=== Exercise prompt ===
Set down each entry exactly; omit images.

-------- Input data

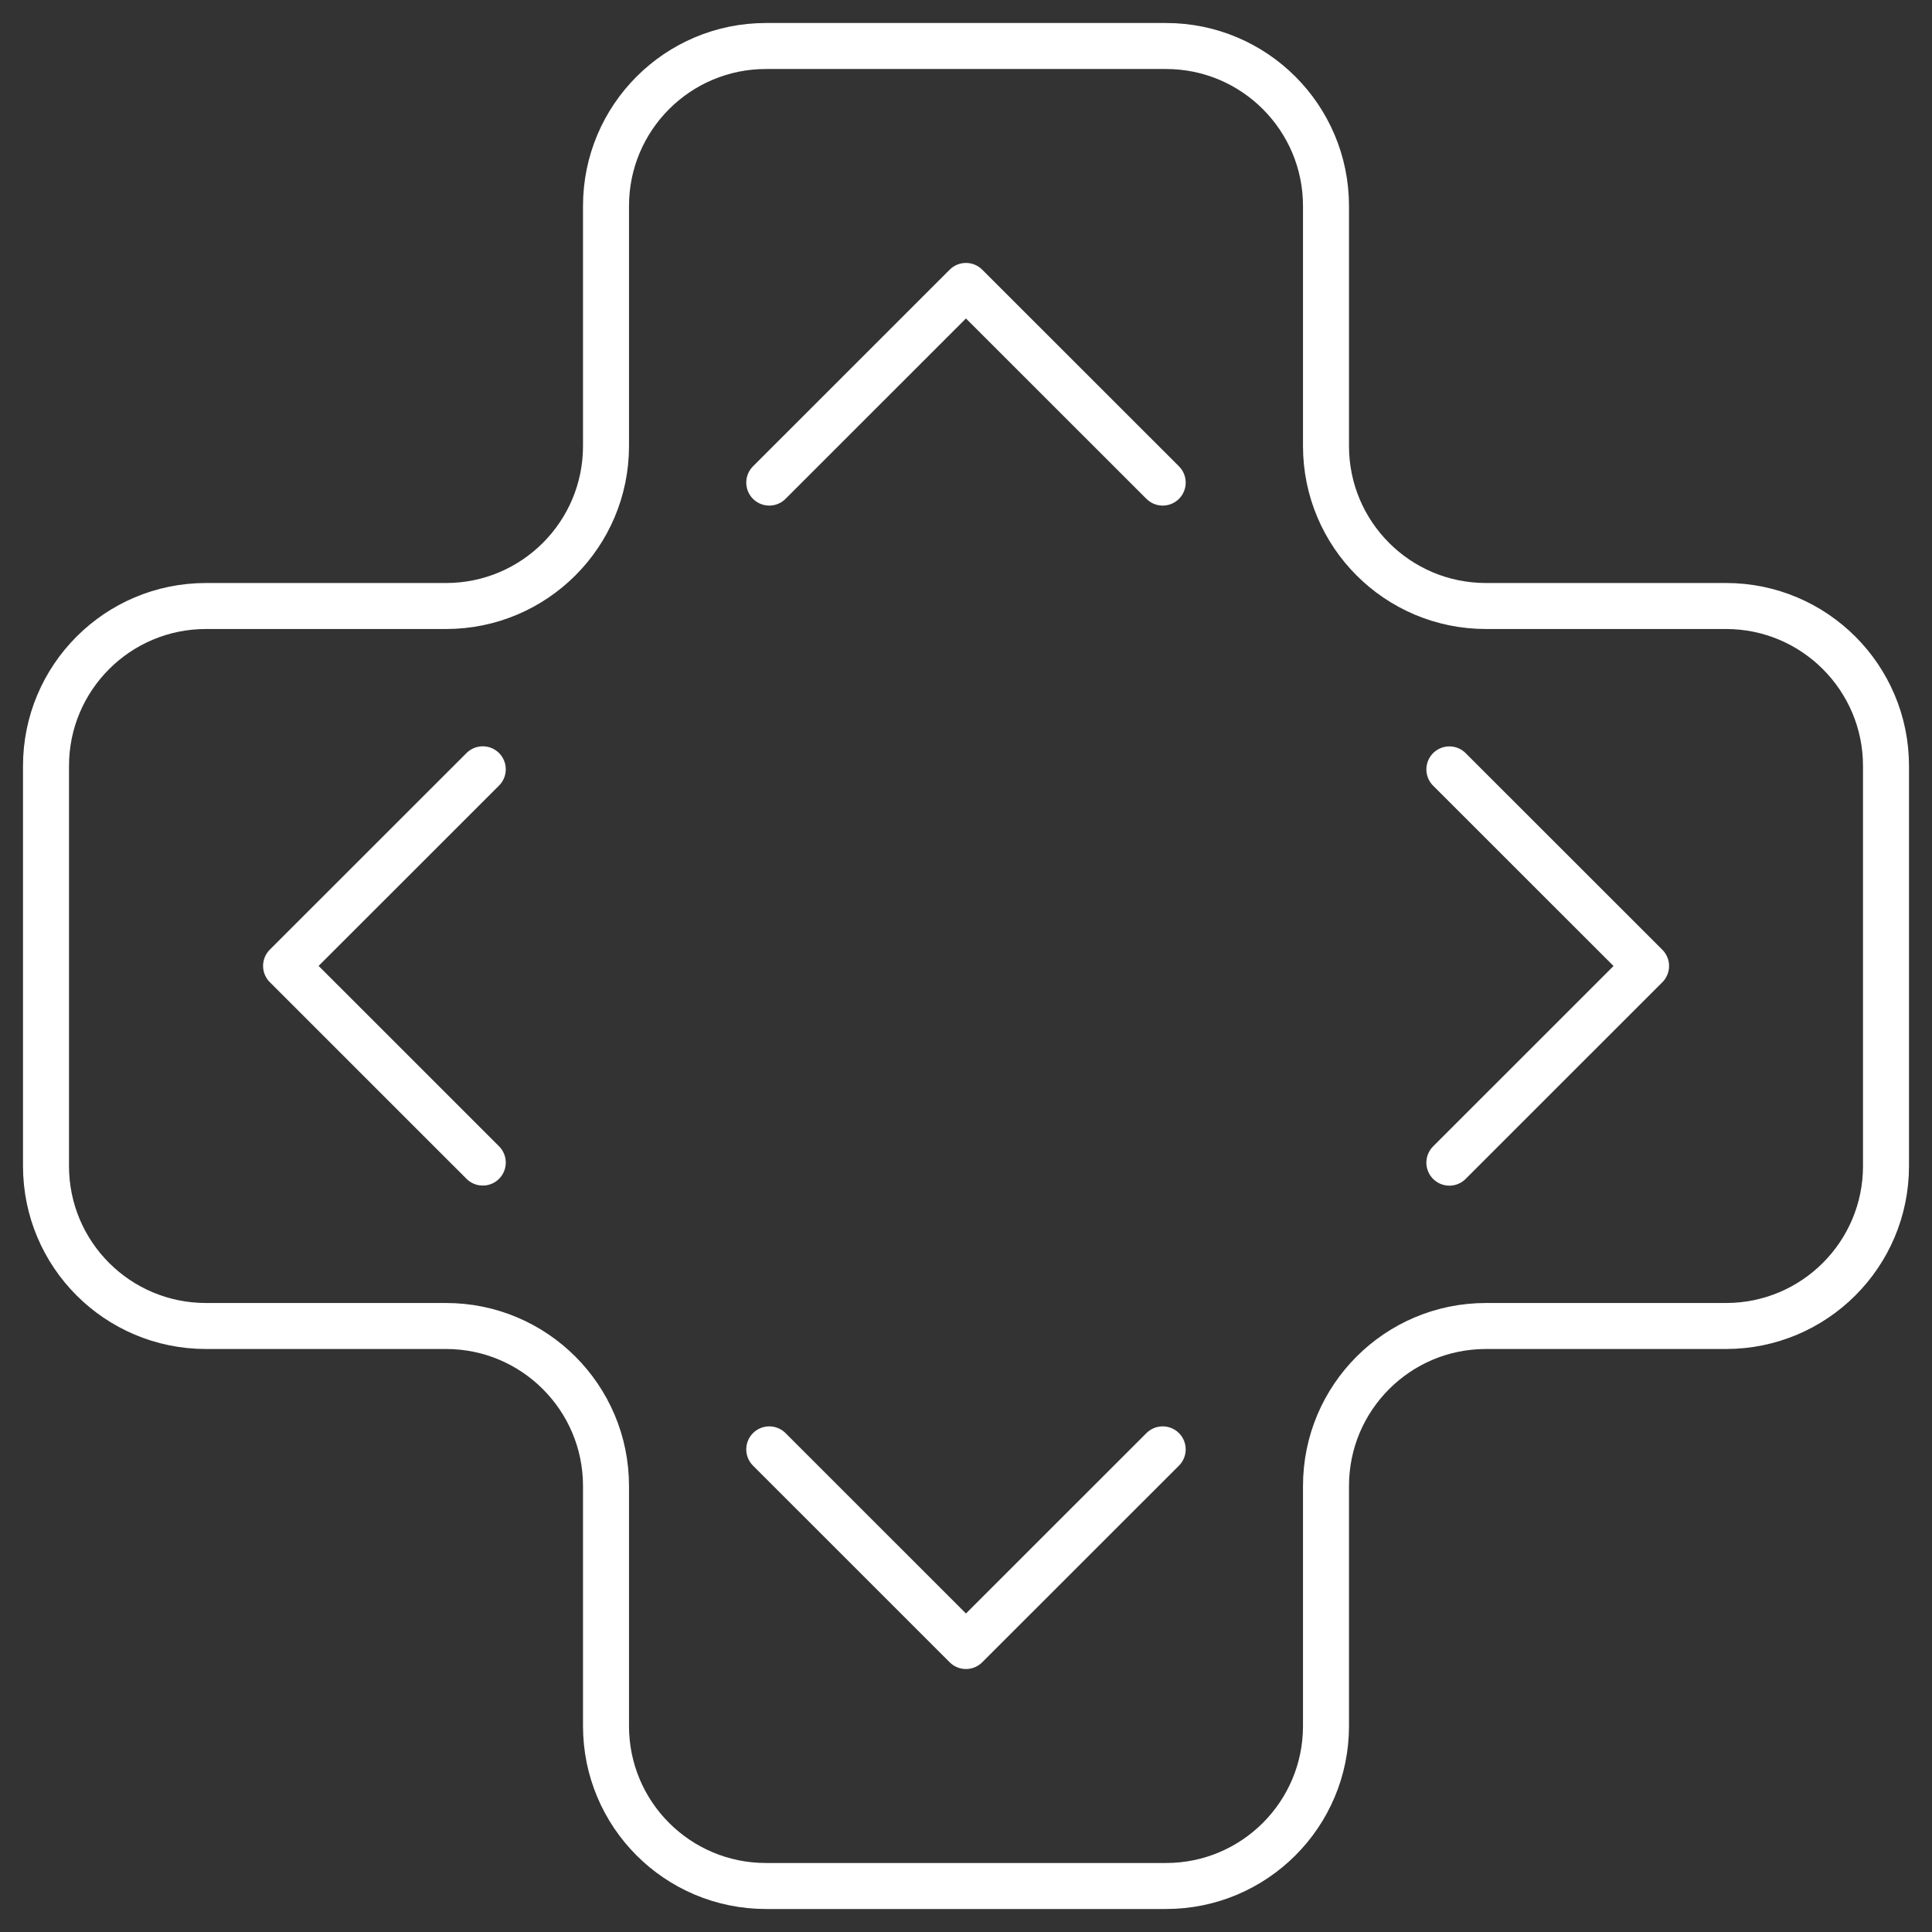 <svg width="42" height="42" viewBox="0 0 42 42" fill="none" xmlns="http://www.w3.org/2000/svg">
<rect x="0" y="0" width="42" height="42" fill="#333333" stroke="none"/>
<path fill-rule="evenodd" clip-rule="evenodd" d="M41 16.652C41 14.732 39.442 13.174 37.522 13.174H32.304C30.381 13.174 28.826 11.617 28.826 9.696V4.478C28.826 2.558 27.268 1 25.348 1H16.652C14.729 1 13.174 2.558 13.174 4.478V9.696C13.174 11.617 11.616 13.174 9.696 13.174H4.478C2.555 13.174 1 14.732 1 16.652V25.348C1 27.27 2.555 28.826 4.478 28.826H9.696C11.616 28.826 13.174 30.384 13.174 32.304V37.522C13.174 39.444 14.729 41 16.652 41H25.348C27.268 41 28.826 39.444 28.826 37.522V32.304C28.826 30.384 30.381 28.826 32.304 28.826H37.522C39.442 28.826 41 27.27 41 25.348V16.652V16.652Z" stroke="white" stroke-linecap="round" stroke-linejoin="round"/>
<path d="M16.723 10.491L20.999 6.216L25.276 10.491" stroke="white" stroke-linecap="round" stroke-linejoin="round"/>
<path d="M31.508 16.726L35.784 21L31.508 25.275" stroke="white" stroke-linecap="round" stroke-linejoin="round"/>
<path d="M25.276 31.508L20.999 35.783L16.723 31.508" stroke="white" stroke-linecap="round" stroke-linejoin="round"/>
<path d="M10.495 25.273L6.219 20.998L10.495 16.724" stroke="white" stroke-linecap="round" stroke-linejoin="round"/>
</svg>

----------------

=== Final answer ===
 <svg width="42" height="42" viewBox="0 0 42 42" fill="none" xmlns="http://www.w3.org/2000/svg">
<rect x="0" y="0" width="42" height="42" fill="#333333" stroke="none"/>
<path fill-rule="evenodd" clip-rule="evenodd" d="M41 16.652C41 14.732 39.442 13.174 37.522 13.174H32.304C30.381 13.174 28.826 11.617 28.826 9.696V4.478C28.826 2.558 27.268 1 25.348 1H16.652C14.729 1 13.174 2.558 13.174 4.478V9.696C13.174 11.617 11.616 13.174 9.696 13.174H4.478C2.555 13.174 1 14.732 1 16.652V25.348C1 27.27 2.555 28.826 4.478 28.826H9.696C11.616 28.826 13.174 30.384 13.174 32.304V37.522C13.174 39.444 14.729 41 16.652 41H25.348C27.268 41 28.826 39.444 28.826 37.522V32.304C28.826 30.384 30.381 28.826 32.304 28.826H37.522C39.442 28.826 41 27.27 41 25.348V16.652V16.652Z" stroke="white" stroke-linecap="round" stroke-linejoin="round"/>
<path d="M16.723 10.491L20.999 6.216L25.276 10.491" stroke="white" stroke-linecap="round" stroke-linejoin="round"/>
<path d="M31.508 16.726L35.784 21L31.508 25.275" stroke="white" stroke-linecap="round" stroke-linejoin="round"/>
<path d="M25.276 31.508L20.999 35.783L16.723 31.508" stroke="white" stroke-linecap="round" stroke-linejoin="round"/>
<path d="M10.495 25.273L6.219 20.998L10.495 16.724" stroke="white" stroke-linecap="round" stroke-linejoin="round"/>
</svg>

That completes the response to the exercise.